November 12, 2005
American Society of Nephrology (ASN) Renal Week 2005, Philadelphia, Pennsylvania
Abstract SA-PO924
Session: Anemia and Bone Disease

FG-2216 Increases Hemoglobin Concentration in Anemic Patients with Chronic Kidney Disease. V. Günzler ¹, E. Muthukrishnan ¹, H.H. Neumayer ², K. Sacherer ², R. Schmidt ³, A. Mitzner ³, A. Wiecek ⁴, G. Piecha ⁴, W. Ignacy ⁴, and P. Scigalla ⁵.

1 FibroGen, Inc., SSF, CA,
2 Dept. Nephrol., Charité, Berlin,
3 Dept. of Internal Medicine, Univ. of Rostock,
4 Dept. Nephrol., Endocrinology & Metabolic Diseases, Silesian Univ. School of Medicine, Katowice, Poland
5 Int'l Clinical Research Consulting, Berlin.
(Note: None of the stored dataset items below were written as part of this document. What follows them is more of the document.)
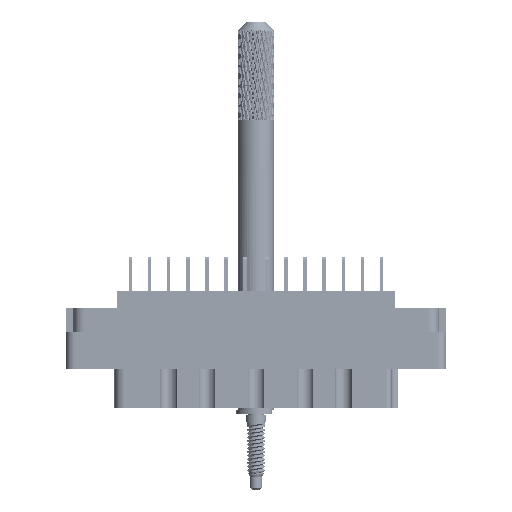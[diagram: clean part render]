
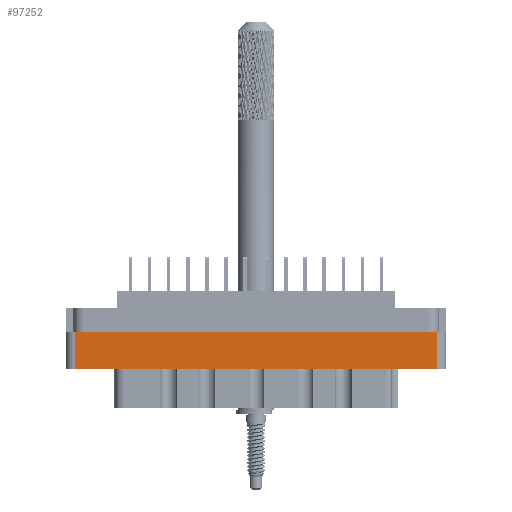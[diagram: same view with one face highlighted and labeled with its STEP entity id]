
A CAD part, front view. The second image highlights one B-rep face of the part: STEP entity #97252.
In plain terms, the highlighted planar face has unit normal (0, -1, 0).
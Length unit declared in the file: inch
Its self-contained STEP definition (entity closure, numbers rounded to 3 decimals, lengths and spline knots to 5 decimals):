
#3475 = LINE ( 'NONE', #83484, #17513 ) ;
#4704 = CARTESIAN_POINT ( 'NONE',  ( -1.234, -0.438, -0.798 ) ) ;
#9056 = VERTEX_POINT ( 'NONE', #94793 ) ;
#9375 = VECTOR ( 'NONE', #64165, 39.37008 ) ;
#11091 = AXIS2_PLACEMENT_3D ( 'NONE', #23569, #114430, #86753 ) ;
#17513 = VECTOR ( 'NONE', #109971, 39.37008 ) ;
#22484 = DIRECTION ( 'NONE',  ( 0., 0., -1. ) ) ;
#23569 = CARTESIAN_POINT ( 'NONE',  ( -1.296, -0.438, -0.798 ) ) ;
#23723 = VERTEX_POINT ( 'NONE', #86336 ) ;
#25358 = CARTESIAN_POINT ( 'NONE',  ( 0., -0.438, -0.277 ) ) ;
#28221 = ORIENTED_EDGE ( 'NONE', *, *, #85922, .T. ) ;
#32004 = ORIENTED_EDGE ( 'NONE', *, *, #107865, .F. ) ;
#37809 = LINE ( 'NONE', #4704, #101364 ) ;
#40987 = EDGE_LOOP ( 'NONE', ( #32004, #47675, #72364, #28221 ) ) ;
#43264 = LINE ( 'NONE', #25358, #64368 ) ;
#47675 = ORIENTED_EDGE ( 'NONE', *, *, #68917, .T. ) ;
#54388 = VERTEX_POINT ( 'NONE', #91379 ) ;
#60660 = PLANE ( 'NONE',  #11091 ) ;
#64165 = DIRECTION ( 'NONE',  ( 0., 0., 1. ) ) ;
#64368 = VECTOR ( 'NONE', #88153, 39.37008 ) ;
#68917 = EDGE_CURVE ( 'NONE', #116964, #9056, #37809, .T. ) ;
#72364 = ORIENTED_EDGE ( 'NONE', *, *, #109285, .F. ) ;
#75779 = LINE ( 'NONE', #109629, #9375 ) ;
#80295 = FACE_OUTER_BOUND ( 'NONE', #40987, .T. ) ;
#83484 = CARTESIAN_POINT ( 'NONE',  ( 0., -0.438, -0.529 ) ) ;
#85922 = EDGE_CURVE ( 'NONE', #54388, #23723, #75779, .T. ) ;
#86336 = CARTESIAN_POINT ( 'NONE',  ( 1.234, -0.438, -0.277 ) ) ;
#86753 = DIRECTION ( 'NONE',  ( 0., 0., -1. ) ) ;
#88153 = DIRECTION ( 'NONE',  ( 1., 0., 0. ) ) ;
#91379 = CARTESIAN_POINT ( 'NONE',  ( 1.234, -0.438, -0.529 ) ) ;
#94793 = CARTESIAN_POINT ( 'NONE',  ( -1.234, -0.438, -0.529 ) ) ;
#97252 = ADVANCED_FACE ( 'NONE', ( #80295 ), #60660, .T. ) ;
#101364 = VECTOR ( 'NONE', #22484, 39.37008 ) ;
#107865 = EDGE_CURVE ( 'NONE', #116964, #23723, #43264, .T. ) ;
#108345 = CARTESIAN_POINT ( 'NONE',  ( -1.234, -0.438, -0.277 ) ) ;
#109285 = EDGE_CURVE ( 'NONE', #54388, #9056, #3475, .T. ) ;
#109629 = CARTESIAN_POINT ( 'NONE',  ( 1.234, -0.438, -0.798 ) ) ;
#109971 = DIRECTION ( 'NONE',  ( -1., 0., 0. ) ) ;
#114430 = DIRECTION ( 'NONE',  ( 0., -1., 0. ) ) ;
#116964 = VERTEX_POINT ( 'NONE', #108345 ) ;
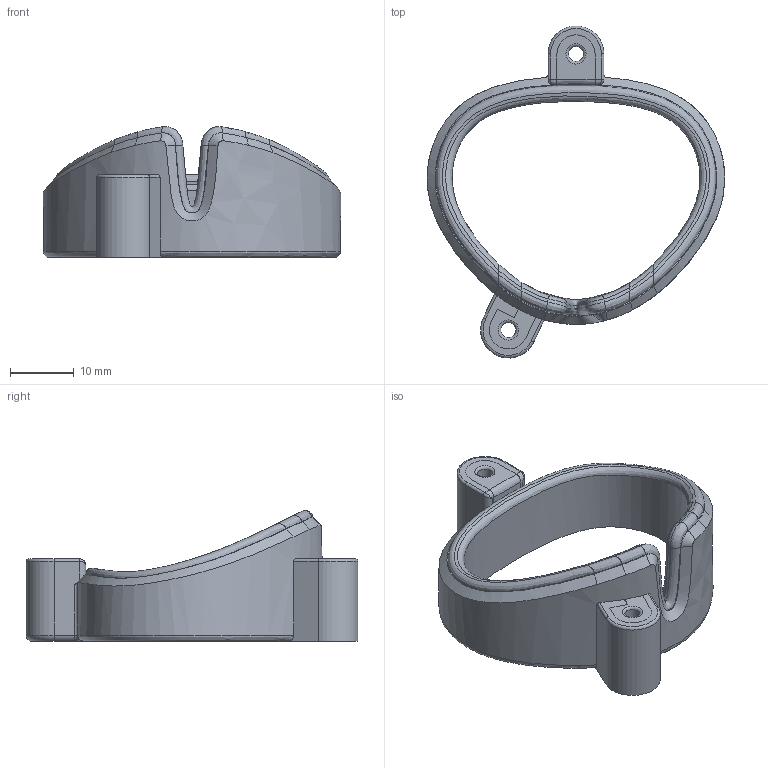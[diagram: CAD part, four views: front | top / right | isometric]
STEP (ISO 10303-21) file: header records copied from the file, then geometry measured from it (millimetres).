
FILE_DESCRIPTION(/* description */ ('STEP AP242 Edition 2','CAx-IF Rec.Pracs.---Representation and Presentation of Product Manufacturing Information (PMI)---4.0---2014-10-13','CAx-IF Rec.Pracs.---3D Tessellated Geometry---0.4---2014-09-14','2;1','CAx-IF Rec.Pracs.---User Defined Attributes---1.5---2016-08-15'),/* implementation_level */ '2;1');
FILE_NAME(/* name */ '698368b056e05fc57ef0726a',/* time_stamp */ '2026-02-04T15:41:37Z',/* author */ (''),/* organization */ (''),/* preprocessor_version */ 'ST-DEVELOPER v20',/* originating_system */ 'ONSHAPE BY PTC INC, 1.210',/* authorisation */ ' ');
FILE_SCHEMA (('AP242_MANAGED_MODEL_BASED_3D_ENGINEERING_MIM_LF { 1 0 10303 442 3 1 4 }'));
Length unit declared in the file: metre
Products named in the file (3): Insulation; Corona; Frenulum
Bounding box: 46.86 x 52.26 x 20.62 mm (x, y, z)
Volume: 8002.6 mm3; surface area: 9391.7 mm2
Topology: 3 solids, 3 shells, 120 faces, 307 edges, 188 vertices
Faces by surface type: bspline 58, plane 34, cylinder 21, torus 7
Full cylindrical faces by diameter (mm): 2.38 x2
Entity records: 6303 total; most frequent: CARTESIAN_POINT 3798, ORIENTED_EDGE 602, DIRECTION 338, EDGE_CURVE 301, VERTEX_POINT 188, B_SPLINE_CURVE_WITH_KNOTS 144, EDGE_LOOP 129, FACE_BOUND 129
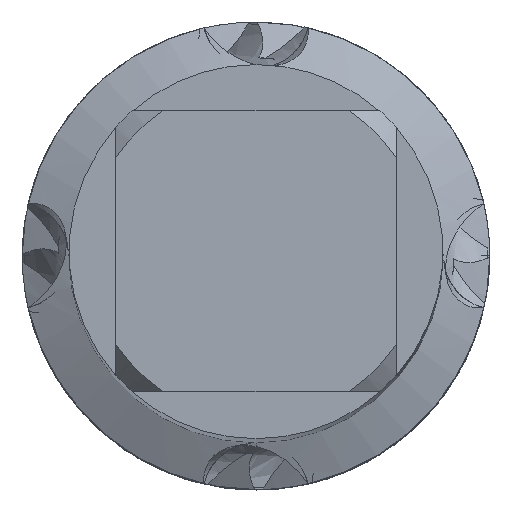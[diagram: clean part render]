
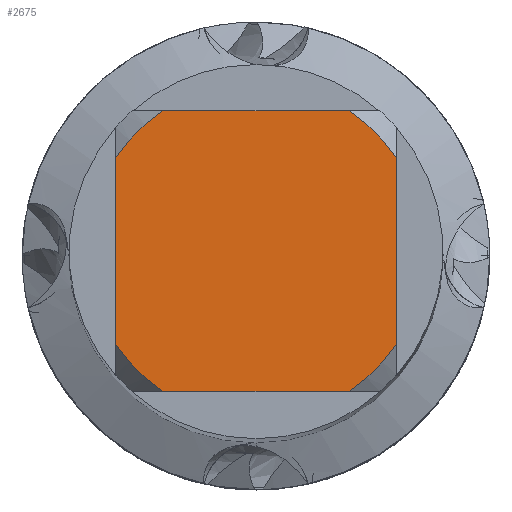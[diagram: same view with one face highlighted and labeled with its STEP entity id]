
A CAD part, top view. The second image highlights one B-rep face of the part: STEP entity #2675.
In plain terms, the highlighted planar face has unit normal (0, 0, 1).
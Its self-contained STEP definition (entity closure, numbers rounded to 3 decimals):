
#1817=EDGE_CURVE('',#2957,#4613,#5381,.T.);
#2321=EDGE_CURVE('',#3629,#4613,#5934,.T.);
#2503=VERTEX_POINT('',#6128);
#2675=ADVANCED_FACE('',(#6314),#6315,.T.);
#2709=EDGE_CURVE('',#3629,#2503,#6352,.T.);
#2957=VERTEX_POINT('',#6613);
#3315=EDGE_CURVE('',#3639,#2503,#7007,.T.);
#3563=EDGE_CURVE('',#4735,#5327,#7271,.T.);
#3629=VERTEX_POINT('',#7346);
#3639=VERTEX_POINT('',#7356);
#3669=EDGE_CURVE('',#3639,#4659,#7389,.T.);
#4223=EDGE_CURVE('',#2957,#5327,#7996,.T.);
#4555=EDGE_CURVE('',#4735,#4659,#8356,.T.);
#4613=VERTEX_POINT('',#8419);
#4659=VERTEX_POINT('',#8471);
#4735=VERTEX_POINT('',#8556);
#5327=VERTEX_POINT('',#9201);
#5381=CIRCLE('',#9375,7.2);
#5934=LINE('',#12381,#12382);
#6128=CARTESIAN_POINT('',(3.98,-6.0,0.0));
#6314=FACE_OUTER_BOUND('',#13658,.T.);
#6315=PLANE('',#13659);
#6352=CIRCLE('',#13720,7.2);
#6613=CARTESIAN_POINT('',(3.98,6.0,0.0));
#7007=LINE('',#16487,#16488);
#7271=CIRCLE('',#17209,7.2);
#7346=CARTESIAN_POINT('',(6.0,-3.98,0.0));
#7356=CARTESIAN_POINT('',(-3.98,-6.0,0.0));
#7389=CIRCLE('',#17595,7.2);
#7996=LINE('',#19873,#19874);
#8356=LINE('',#21731,#21732);
#8419=CARTESIAN_POINT('',(6.0,3.98,0.0));
#8471=CARTESIAN_POINT('',(-6.0,-3.98,0.0));
#8556=CARTESIAN_POINT('',(-6.0,3.98,0.0));
#9201=CARTESIAN_POINT('',(-3.98,6.0,0.0));
#9375=AXIS2_PLACEMENT_3D('',#25322,#25323,#25324);
#12381=CARTESIAN_POINT('',(6.0,1.8,0.0));
#12382=VECTOR('',#25929,1.0);
#13658=EDGE_LOOP('',(#26271,#26272,#26273,#26274,#26275,#26276,#26277,#26278));
#13659=AXIS2_PLACEMENT_3D('',#26279,#26280,#26281);
#13720=AXIS2_PLACEMENT_3D('',#26313,#26314,#26315);
#16487=CARTESIAN_POINT('',(0.0,-6.0,0.0));
#16488=VECTOR('',#26994,1.0);
#17209=AXIS2_PLACEMENT_3D('',#27241,#27242,#27243);
#17595=AXIS2_PLACEMENT_3D('',#27360,#27361,#27362);
#19873=CARTESIAN_POINT('',(0.0,6.0,0.0));
#19874=VECTOR('',#27919,1.0);
#21731=CARTESIAN_POINT('',(-6.0,1.8,0.0));
#21732=VECTOR('',#28344,1.0);
#25322=CARTESIAN_POINT('',(0.0,0.0,0.0));
#25323=DIRECTION('',(0.0,0.0,-1.0));
#25324=DIRECTION('',(0.0,1.0,0.0));
#25929=DIRECTION('',(-0.0,1.0,0.0));
#26271=ORIENTED_EDGE('',*,*,#4555,.T.);
#26272=ORIENTED_EDGE('',*,*,#3669,.F.);
#26273=ORIENTED_EDGE('',*,*,#3315,.T.);
#26274=ORIENTED_EDGE('',*,*,#2709,.F.);
#26275=ORIENTED_EDGE('',*,*,#2321,.T.);
#26276=ORIENTED_EDGE('',*,*,#1817,.F.);
#26277=ORIENTED_EDGE('',*,*,#4223,.T.);
#26278=ORIENTED_EDGE('',*,*,#3563,.F.);
#26279=CARTESIAN_POINT('',(0.0,3.6,0.0));
#26280=DIRECTION('',(-0.0,0.0,1.0));
#26281=DIRECTION('',(0.0,-1.0,0.0));
#26313=CARTESIAN_POINT('',(0.0,0.0,0.0));
#26314=DIRECTION('',(0.0,0.0,-1.0));
#26315=DIRECTION('',(0.0,1.0,0.0));
#26994=DIRECTION('',(1.0,0.0,0.0));
#27241=CARTESIAN_POINT('',(0.0,0.0,0.0));
#27242=DIRECTION('',(0.0,0.0,-1.0));
#27243=DIRECTION('',(0.0,1.0,0.0));
#27360=CARTESIAN_POINT('',(0.0,0.0,0.0));
#27361=DIRECTION('',(0.0,0.0,-1.0));
#27362=DIRECTION('',(0.0,1.0,0.0));
#27919=DIRECTION('',(-1.0,0.0,0.0));
#28344=DIRECTION('',(-0.0,-1.0,0.0));
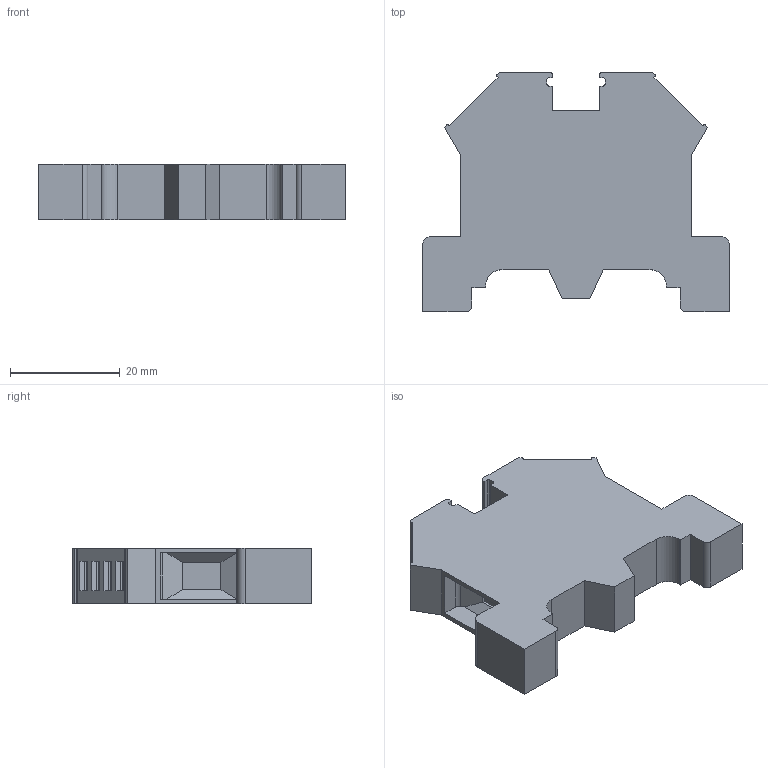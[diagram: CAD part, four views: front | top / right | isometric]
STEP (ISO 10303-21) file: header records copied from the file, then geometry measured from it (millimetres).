
FILE_DESCRIPTION((''),'2;1');
FILE_NAME('SL10032_STEP','2008-09-18T',('Stollb'),(''),'PRO/ENGINEER BY PARAMETRIC TECHNOLOGY CORPORATION, 2007390','PRO/ENGINEER BY PARAMETRIC TECHNOLOGY CORPORATION, 2007390','');
FILE_SCHEMA(('CONFIG_CONTROL_DESIGN'));
Length unit declared in the file: millimetre
Products named in the file (1): SL10032_STEP
Bounding box: 56 x 43.65 x 10.1 mm (x, y, z)
Volume: 15496.9 mm3; surface area: 6561 mm2
Topology: 1 solids, 1 shells, 200 faces, 552 edges, 364 vertices
Faces by surface type: plane 160, cylinder 40
Entity records: 6338 total; most frequent: CARTESIAN_POINT 1116, ORIENTED_EDGE 1104, DIRECTION 1032, EDGE_CURVE 552, VECTOR 472, LINE 472, VERTEX_POINT 364, AXIS2_PLACEMENT_3D 280
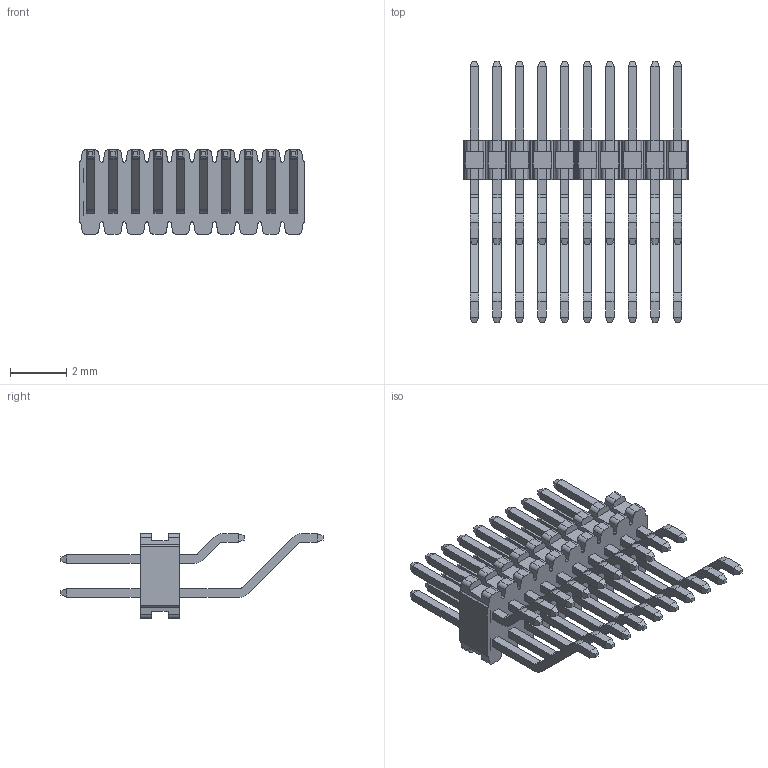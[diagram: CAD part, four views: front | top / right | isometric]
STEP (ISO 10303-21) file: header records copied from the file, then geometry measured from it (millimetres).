
FILE_DESCRIPTION( ('This file contains a STEP AP42 implementation' ,'as created by ZW3D STEP Interface translator.') ,'2;1' );
FILE_NAME( '1111.stp' ,'23 310.161359', (''), ('ZWCAD Software Co.'), 'Version 1.0', 'ZW3D to STEP translator', '' );
FILE_SCHEMA(('AUTOMOTIVE_DESIGN { 1 0 10303 214 1 1 1 1 }'));
Length unit declared in the file: millimetre
Products named in the file (2): 0; 1614-1210XXZ068XX01
Bounding box: 8 x 9.28 x 3 mm (x, y, z)
Volume: 41.9 mm3; surface area: 255.9 mm2
Topology: 1 solids, 1 shells, 810 faces, 2102 edges, 1336 vertices
Faces by surface type: plane 610, cylinder 200
Entity records: 25279 total; most frequent: CARTESIAN_POINT 4267, ORIENTED_EDGE 4222, DIRECTION 4133, EDGE_CURVE 2111, VECTOR 1711, LINE 1711, VERTEX_POINT 1345, AXIS2_PLACEMENT_3D 1211

Abstract: Two Phase 2a dose escalation studies are evaluating safety and efficacy of FG-2216, an oral drug that stabilizes hypoxia-inducible factor (HIF) and induces the HIF2 mediated natural erythropoietic cascade. One study includes rHuEPO naïve CKD patients and the other CKD patients pretreated with rHuEPO (8+ weeks of continuous therapy). FG-2216 is dosed TIW for 4 weeks with 2 weeks of followup. Dose escalation was modeled from chronic intermittent hypoxia studies in animal and man. The low dose (6 mg/kg) was expected to be non-efficacious, and the higher doses, 15-20 mg/kg, to produce significant Hb responses. By day 42, 6 mg/kg of FG-2216 produced a statistically significant mean increase in Hb of 1.3 g/dL in EPO-naïve patients (n=5). Placebo patients (n=3) experienced a mean decrease in Hb from baseline of 0.35 g/dL. In rHuEPO pretreated patients, 6 mg/kg FG-2216 given after rHuEPO withdrawal increased Hb by 1.5 g/dL in one patient while another maintained baseline levels. Four patients showed Hb decreases to varying degrees, but the mean decrease in the FG-2216 group (-0.9 g/dL, n=6) was less than in the placebo group (-1.5 g/dL, n=3). The first patient (GFR=8) receiving 20 mg/kg FG-2216 after rHuEPO withdrawal experienced an increase of 1.8 g/dL Hb within 14 days, resulting in a decision to lower the dose in this cohort. The results show that CKD patients can produce EPO despite fibrosis, dialysis stage patients respond, and FG-2216 provides clinical benefit in anemia of CKD. The rapid Hb response induced by FG-2216 cannot be attributed to EPO alone and is likely due to HIF mediated iron mobilization. Moreover, lower circulating EPO levels required to induce erythropoiesis following FG-2216 (<10% of rHuEPO) are expected to reduce the known thrombotic risk associated with high EPO concentrations and may permit correction of Hb to normal levels in CKD and a more rapid amelioration of anemia in cancer.